### WORK TO COMPLETE
Although the data below contains pictures, please reproduce only its words, exactly.

### RECORDS FOR THIS TASK
※

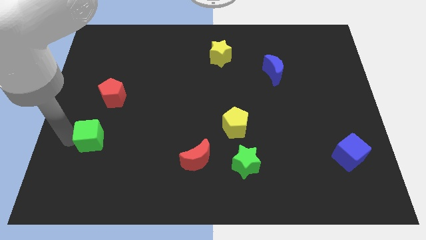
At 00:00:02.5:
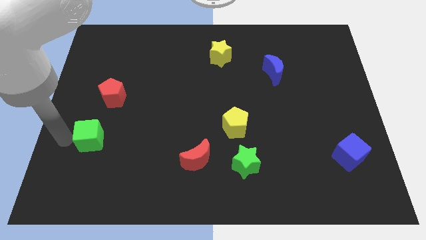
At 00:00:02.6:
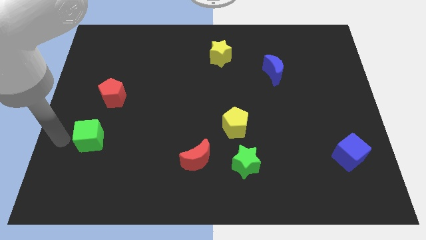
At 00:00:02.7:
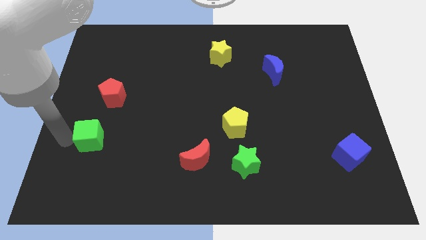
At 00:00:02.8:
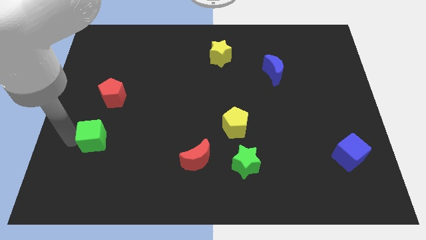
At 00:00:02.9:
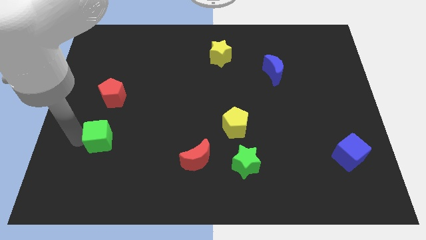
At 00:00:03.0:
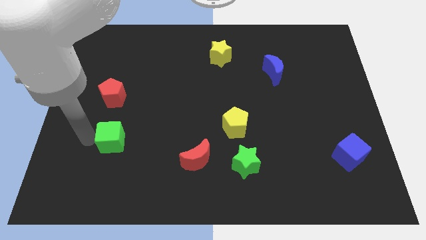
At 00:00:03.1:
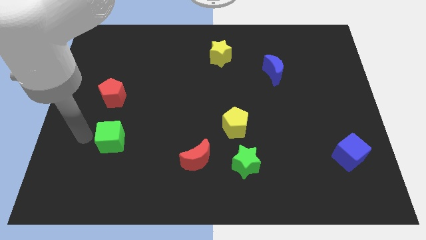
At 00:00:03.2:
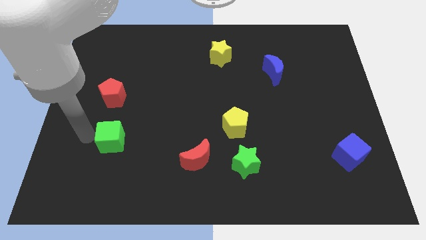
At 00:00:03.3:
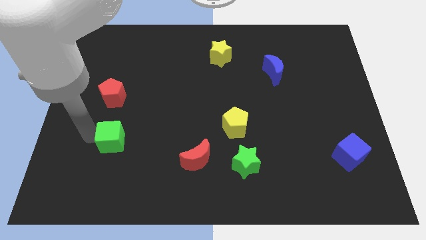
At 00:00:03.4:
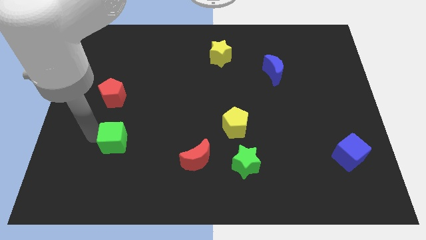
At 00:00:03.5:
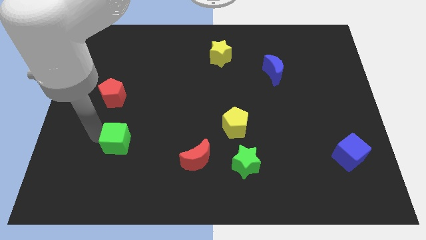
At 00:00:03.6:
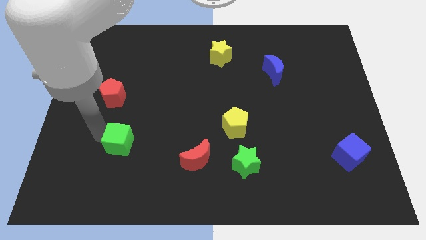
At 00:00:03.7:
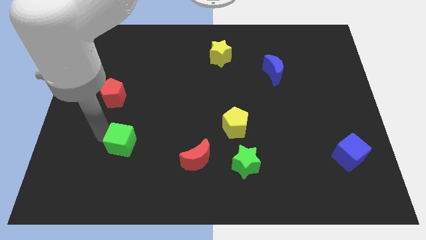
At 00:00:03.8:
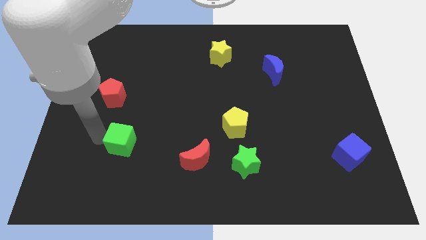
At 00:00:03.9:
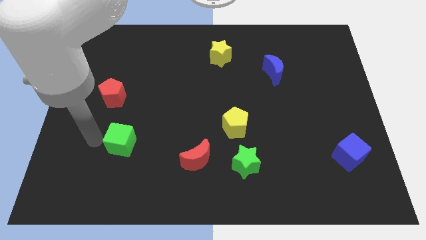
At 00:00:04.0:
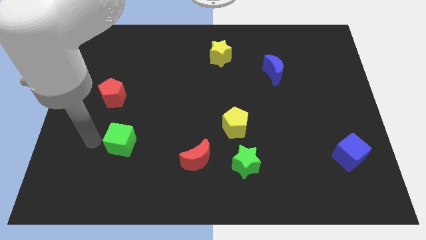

※

### SOLUTION FOR THIS PROBLEM
At 00:00:02.5:
At 00:00:02.6:
At 00:00:02.7:
At 00:00:02.8:
At 00:00:02.9:
At 00:00:03.0:
At 00:00:03.1:
At 00:00:03.2:
At 00:00:03.3:
At 00:00:03.4:
At 00:00:03.5:
At 00:00:03.6:
At 00:00:03.7:
At 00:00:03.8:
At 00:00:03.9:
At 00:00:04.0:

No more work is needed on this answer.